That's prompting reactor owners including Exelon Corp and Duke Energy Corp to develop ways to tap the brakes on massive plants built to run non-stop. The future of nuclear power may hinge on the effort.
Reactors, which some environmentalists see as key in the fight against global warming, are already struggling to be profitable as cheap natural gas pulls down power prices. And the challenge of ramping up and down to keep pace with wind and solar will only get worse as California and other states push to eliminate fossil fuels.
"We're going to see this problem more and more," said Matt Crozat, senior director of policy development at the Nuclear Energy Institute. "These trends won't abate."
Exelon, the biggest US nuclear operator, is already tinkering to make plants more nimble, including by adjusting control rods inserted into the core of a reactor to absorb neutrons and slow chain reactions.

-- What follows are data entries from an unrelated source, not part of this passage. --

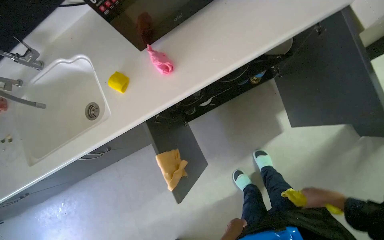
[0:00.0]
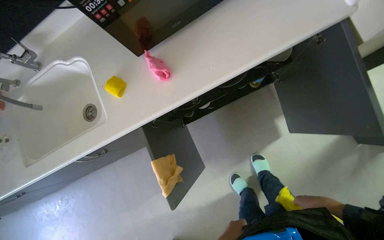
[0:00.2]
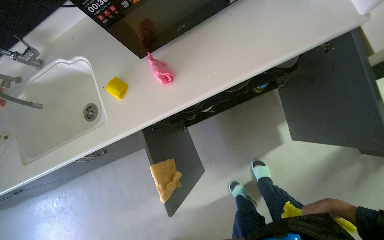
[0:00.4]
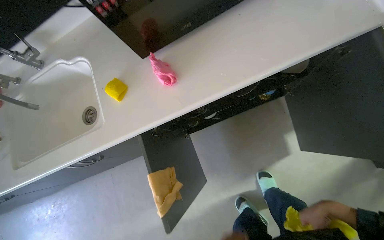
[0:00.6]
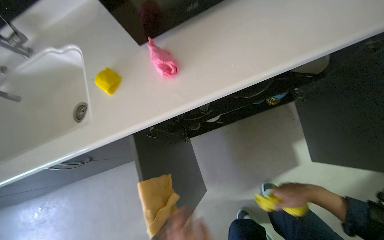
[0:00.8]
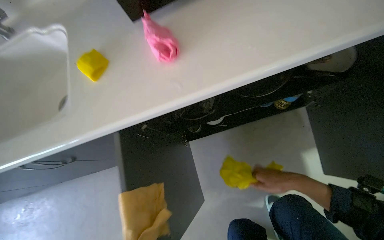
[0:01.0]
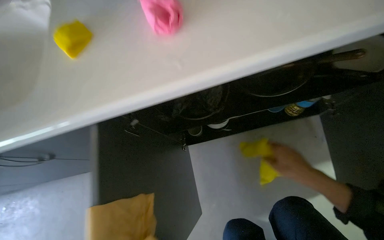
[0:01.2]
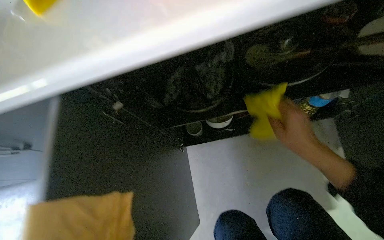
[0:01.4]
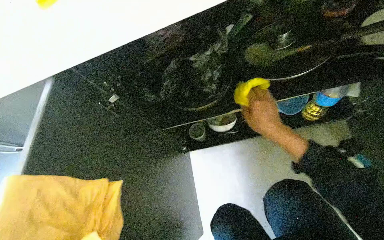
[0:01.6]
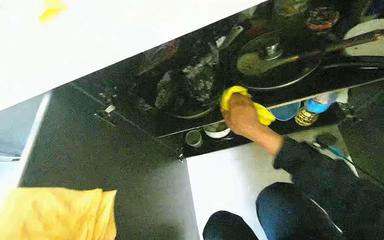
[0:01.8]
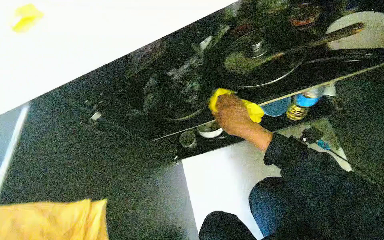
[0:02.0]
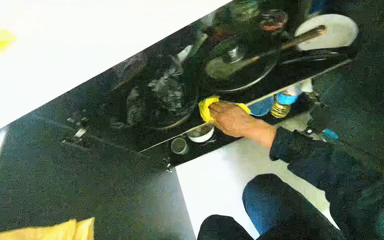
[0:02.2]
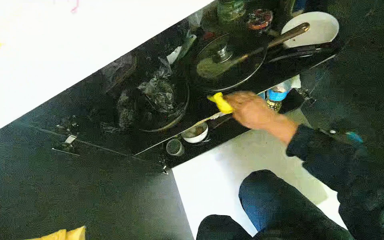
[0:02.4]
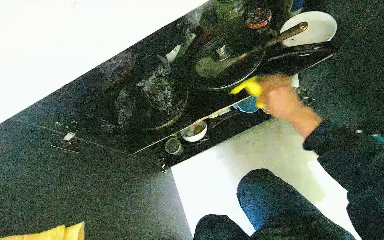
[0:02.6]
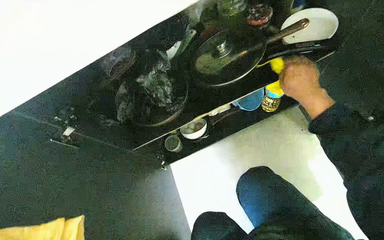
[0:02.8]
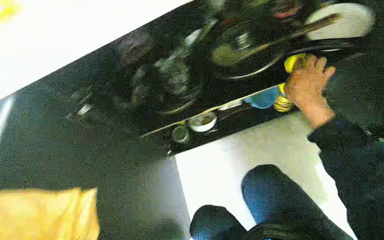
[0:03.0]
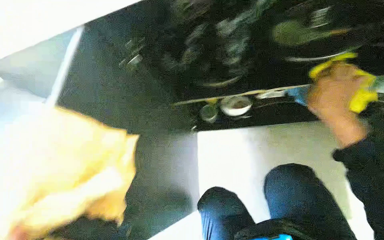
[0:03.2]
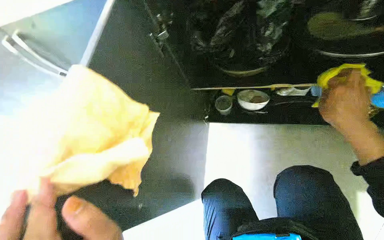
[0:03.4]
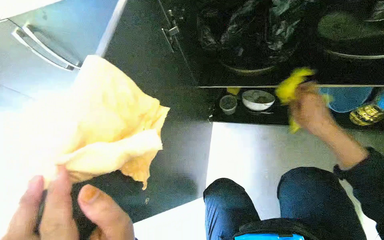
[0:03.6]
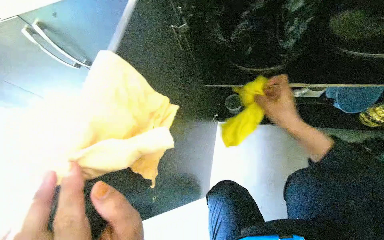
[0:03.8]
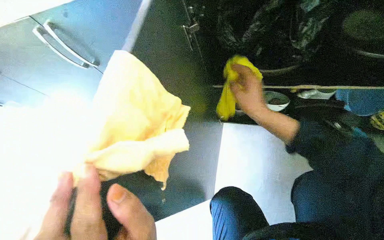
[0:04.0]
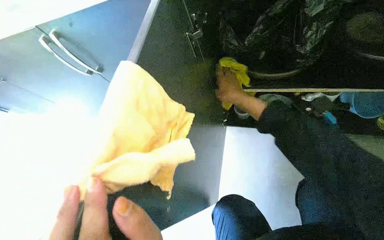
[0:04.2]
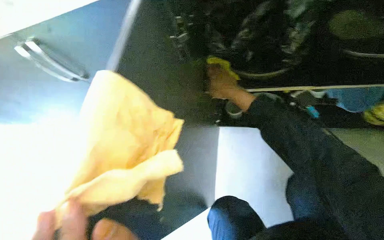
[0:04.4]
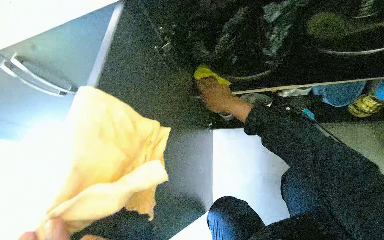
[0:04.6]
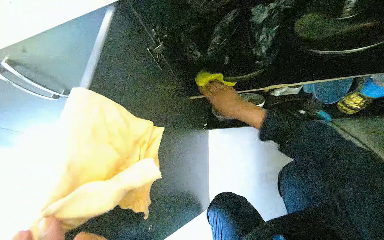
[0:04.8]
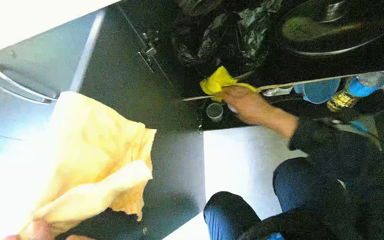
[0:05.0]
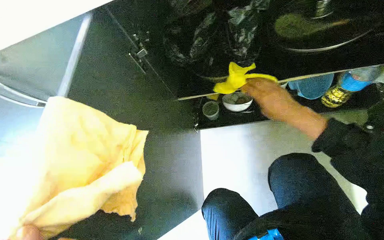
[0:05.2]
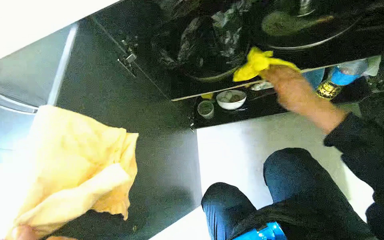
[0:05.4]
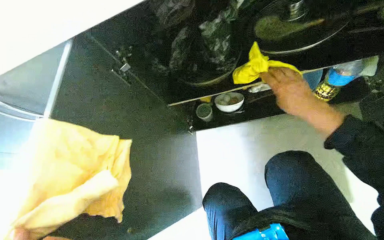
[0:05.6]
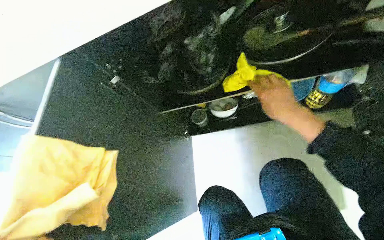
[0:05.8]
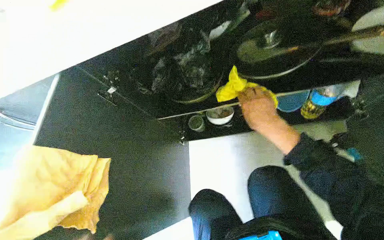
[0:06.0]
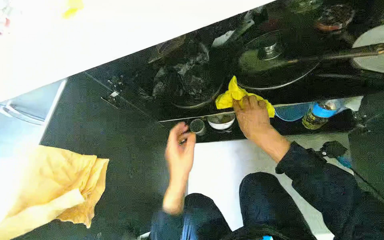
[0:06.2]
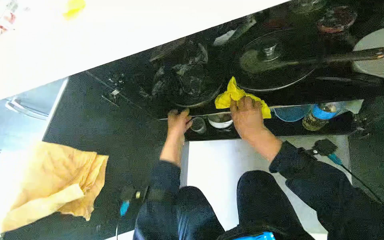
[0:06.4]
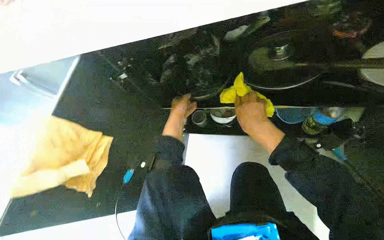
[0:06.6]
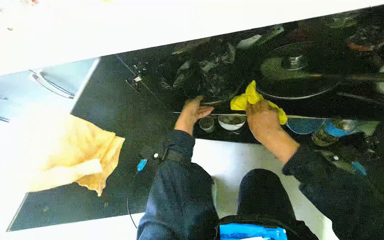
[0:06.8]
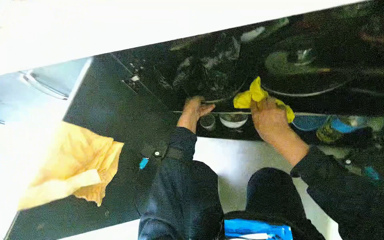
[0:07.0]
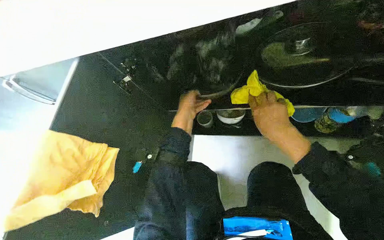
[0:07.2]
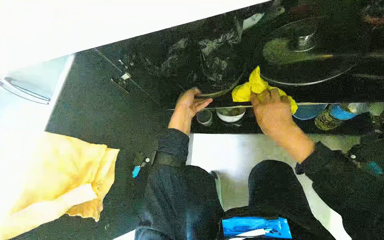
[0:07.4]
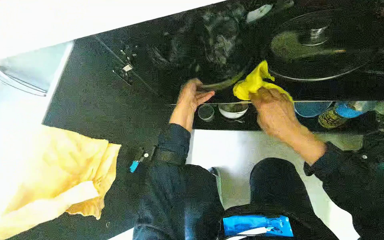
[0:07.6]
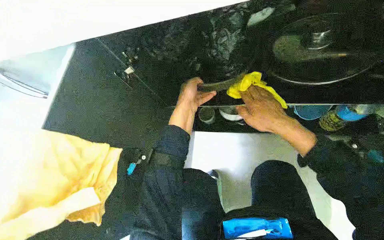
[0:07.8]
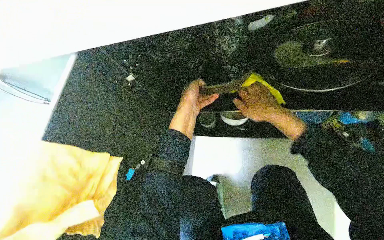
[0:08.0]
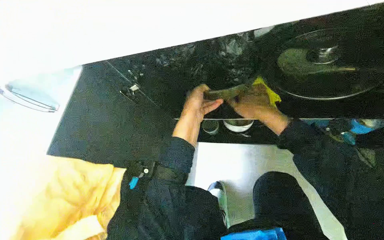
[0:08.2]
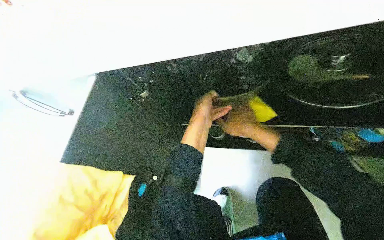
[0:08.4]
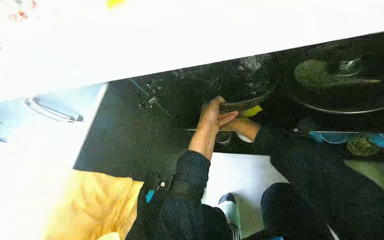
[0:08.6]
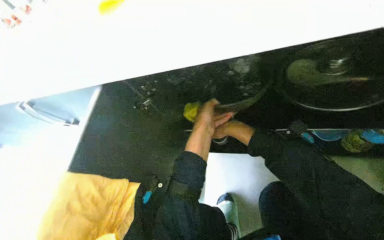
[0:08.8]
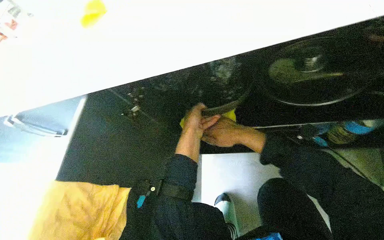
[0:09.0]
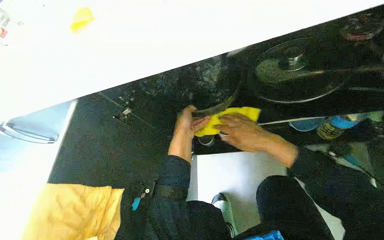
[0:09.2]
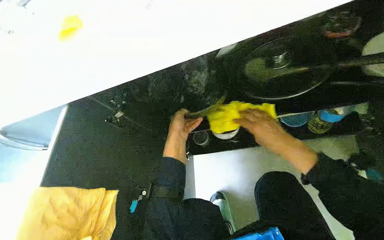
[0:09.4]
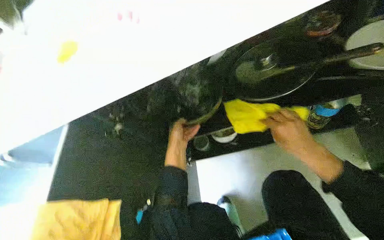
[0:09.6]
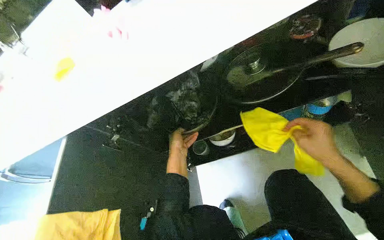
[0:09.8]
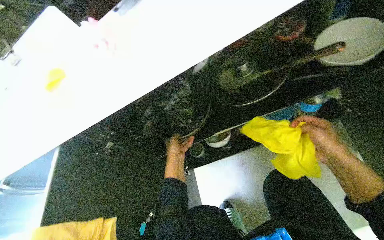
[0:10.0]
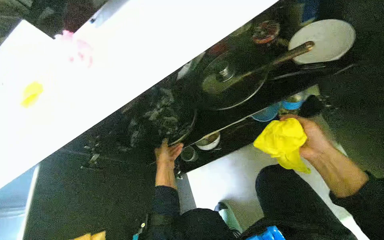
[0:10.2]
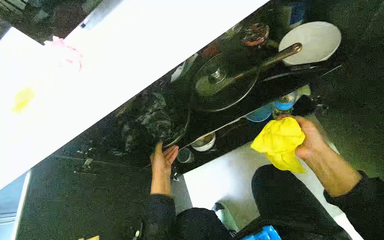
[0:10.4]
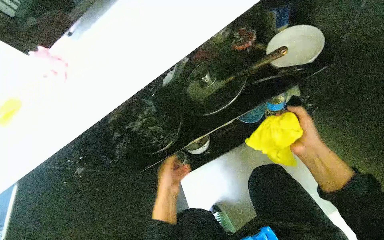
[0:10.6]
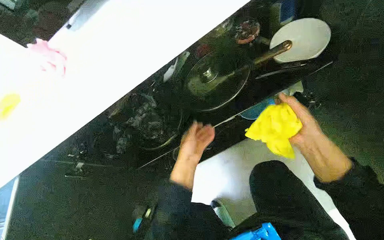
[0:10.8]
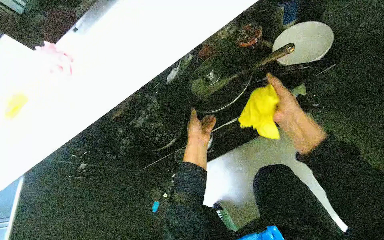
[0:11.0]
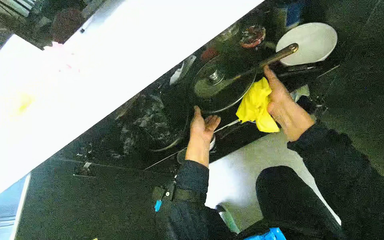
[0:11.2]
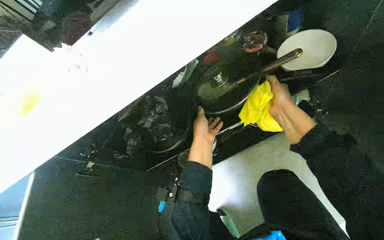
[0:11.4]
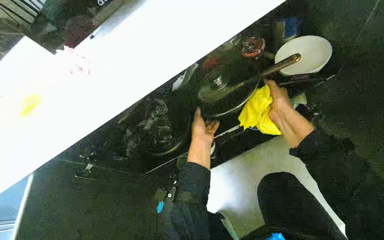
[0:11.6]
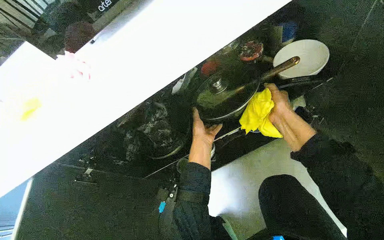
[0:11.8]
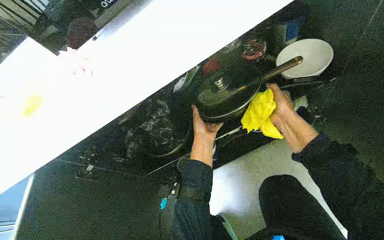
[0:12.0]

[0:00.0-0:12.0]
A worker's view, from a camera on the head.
Job: cleaning kitchen.
The whole recording: Cleaning inside kitchen cabinet. The worker wipes the inside of the kitchen cabinet and its contents with a yellow cloth.
0:00.0 to 0:01.6: The wearer moves about 40 cm. The camera pitches upward, by some 15 degrees.
0:01.6 to 0:03.0: The right hand goes some 20 cm to the right and up the picture.
0:03.0 to 0:04.4: The head rotates roughly 25 degrees to the left.
0:04.4 to 0:06.0: The right hand travels to the right and nearer to the camera by some 30 cm.
0:09.0 to 0:10.4: The right hand moves to the right and nearer to the camera, approximately 35 cm.
0:10.4 to 0:12.0: The left hand heads up the picture and to the right, covering approximately 20 cm, while the right hand shifts approximately 15 cm up the picture.

That and other measures can help reduce power by almost 15 per cent in less than an hour, said Lacey Dean, a spokeswoman.
Exelon regularly adjusts output at its Quad Cities and Byron plants in Illinois when they face negative pricing, which means the grid is so awash in power that generators must either cut output - or pay to keep sending electricity to the system.
There have been 37 hours of negative pricing this year in the market Byron serves, thanks largely to wind power flooding in from Iowa, according to Adam Jordan, director of power analytics at Genscape Inc. That dragged prices per megawatt hour as low as -US$92.81 on Feb 12.
While nuclear plants depend largely on long-term contracts, they are still affected by real-time prices, said William Hogan, a professor at the John F Kennedy School of Government at Harvard University and research director at the Harvard Electricity Policy Group.
When spot prices are lower than their operating costs, it's cheaper for operators to purchase and resell electricity than produce it themselves - if they have flexibility to quickly cut output. "If you're running a plant that's on average profitable and sometimes not, it would be good to be able to adjust the output for the times when it's not," Prof Hogan said.
The challenge posed by wind and solar will only get worse for the nuclear industry. Generators on the grid that are operated by PJM Interconnection LLC will need to more than triple the amount of wind on the system in the next decade to meet states' clean energy goals.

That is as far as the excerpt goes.